Me había quedado bastante creíble, así que seguí fingiendo mi papel de empleada correcta.
—Por cierto, no te he preguntado por aquel asunto, aunque veo que has recuperado todas tus facultades.
—Creo que me viste en el peor momento, en unas horas volví a recordar mi día a día.
—Me alegro, ¿has visto ya a tu médico?
—Le puse al corriente, sí.
—¿Es de Santander?
—No, es un neurólogo de una clínica de Barcelona, trata casos como el mío.
—Espero que no me trates de entrometida, pero, ¿qué tipo de amnesia sufres? Me refiero a si es primaria o es el síntoma de alguna enfermedad.
¿Se me notó que me había sumergido el fin de semana en los manuales de Psicopatología de mi madre, buscando respuestas?
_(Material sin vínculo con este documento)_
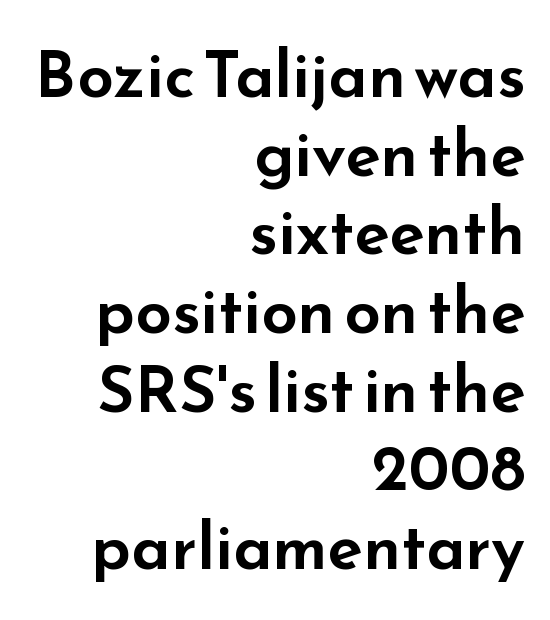
Q: Is the text italic (slanted)? A: No, it is upright.
Q: Is the typeface a serif or a sans-serif typeface? A: Sans-serif.
Q: Is the text underlined? A: No.
Q: How is the paragraph aligned? A: Right-aligned.
Q: Is the spacing between letters normal or unusually wide? A: Normal.
Q: Width (condensed, normal, or wide)? A: Wide.
Q: Stroke contrast? A: Low.
Q: x-height? A: Small.
Q: Monospaced? A: No.
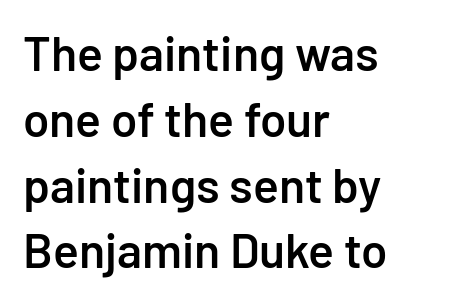
The image shows 48 px semibold sans-serif type, upright; set left-aligned, normal line spacing (1.37x), normal letter spacing, not underlined; low stroke contrast and a medium x-height.
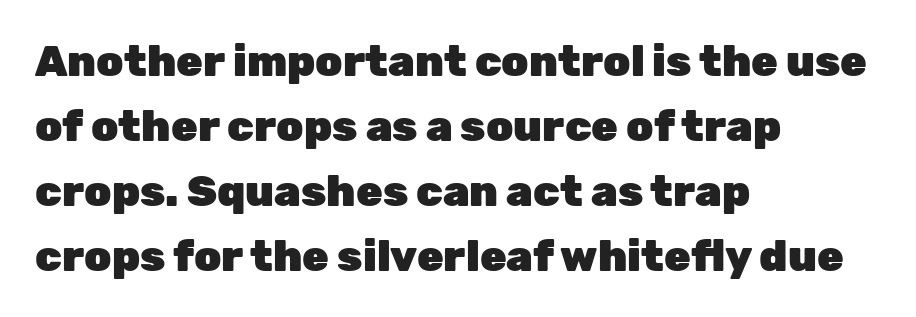
Honestly, the row spacing looks completely unremarkable. Layout note: lines flush left. A roman cut, with each character standing at attention. Compared with an ordinary text face, these strokes are far heavier — a full bold. In terms of letterspacing, this is plain default setting. Do the characters align in a grid? No, the font is proportional.
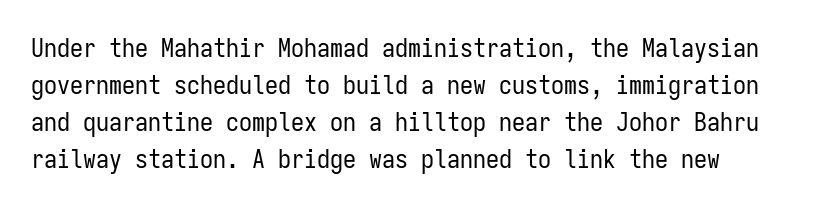
How would I describe the line gaps? Plain and ordinary. Stems here are at most as thick as an everyday book face. Does extra space separate the letters? No, they use regular spacing. Rule under the text: the space is simply empty. Characters remain perfectly vertical along every line.
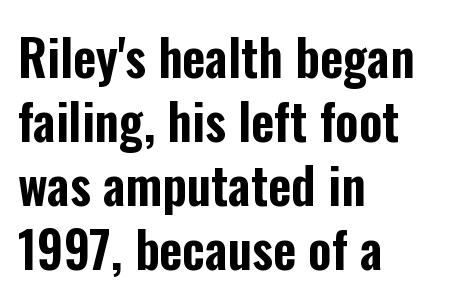
In CSS terms this would be text-align: left. Looks like regular typesetting: each glyph gets only the width it needs. Characters remain perfectly vertical along every line. A sans-serif font was chosen for this passage. Look at the tracking — it's just the regular setting, nothing added. Leading: standard.
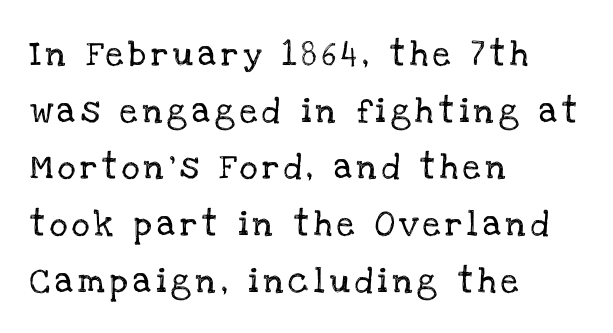
This is the regular roman posture of the typeface. Vertically, the passage feels expansive, rows floating well apart. Each line starts at the same left margin while the right side varies. The type is letterspaced generously, with wide tracking. Each row of text sits above clean, open space.

—No está asociada a ninguna enfermedad, tranquila —se apresuró a aclarar—. De todos modos, gracias por preocuparte por mí. Lo cierto es que nunca antes había tenido una crisis tan larga como la que viste, solo me ha ocurrido media docena de veces antes. Hasta ahora la pauta habitual era la que te comenté: un poco de confusión al despertarme. Simplemente no sé dónde estoy durante un buen rato. Por eso una actividad manual como las maquetas me ayuda a centrarme de nuevo y la confusión se me acaba pasando.
—¿Y solo te ocurre a ti, o tus hermanos tienen también esos episodios?
—No, ni Héctor ni Jairo. Mis padres tampoco, que sepamos. No es hereditario, si es lo que preguntas. El neurólogo dice que probablemente solo sea estrés.
—¿Pero no llevas ningún tratamiento?
—No, el doctor no lo ve necesario —se encogió de hombros mirando al frente—. Son crisis esporádicas y es lo que hay.
Se volvió hacia mí sonriendo.
—Pero gracias de nuevo.
Aun así insistió:
—¿Seguro que no te preocupa nada más, Adriana?
Negué con la cabeza y me quedé mirando al mar en silencio.
¿Y qué te contesto Iago, que ya no sé qué pensar, que no sé si eres de fiar o no, que no sé el alcance de lo que ocultáis tú y tu familia, ni si lo que escondes es circunstancial o te define?
¿Qué quieres oír, Iago, que aborrezco esta sensación de no saber si lo que estoy haciendo con mi vida es un acierto y tú eres cómplice?, ¿si todo mi trabajo aquí, mi traslado, mi carrera, mi día a día es parte de una farsa y yo soy un títere más para vosotros?
¿Qué te digo, Iago, que os escuché escondida en un túnel, que os he investigado y no encajan las piezas, que estoy pensando en salir corriendo una vez más, pero no tengo ganas ni fuerzas para empezar otra vez de nuevo? ¿Que has frustrado esta vida nueva que me gustaba hasta el día de la escucha?
No; mejor te cuento que he intentado arrancarme de la cabeza tu imagen con sucedáneos, que no ha resultado, que te odio porque antes hacía lo que me venía en gana y no soporto que tengas ese poder sobre mis actos.
¿Entenderás si te digo que el día a día es un ejercicio de contención? Por no rozarte en la Sala de Prehistoria, por desviarme de tus ojos y no quedarme estancada en ellos, por no respirar cuando estás muy cerca porque ese olor tuyo que solo es tuyo se cuela sin pedir permiso y es gasolina que dentro quema.
Necesito pasar página, superar esto, estar por encima de esta atracción. Porque solo es eso: una atracción. Por tu carisma, por tus ojos de ciencia ficción, por esa presencia que ya me alteró el primer día.
Pero tengo recursos. Recursos para no dejarme llevar, recursos para no ponerme al límite cada día. Esto se está enquistando y tengo que pasar página. Y no, Iago, no pretendas que confíe. Ya no me fío de ti, así que deja de interrogarme mientras me mientes.
Ninguno de los dos nos percatamos de la presencia que, desde hacía un buen rato, nos observaba con interés desde lo alto.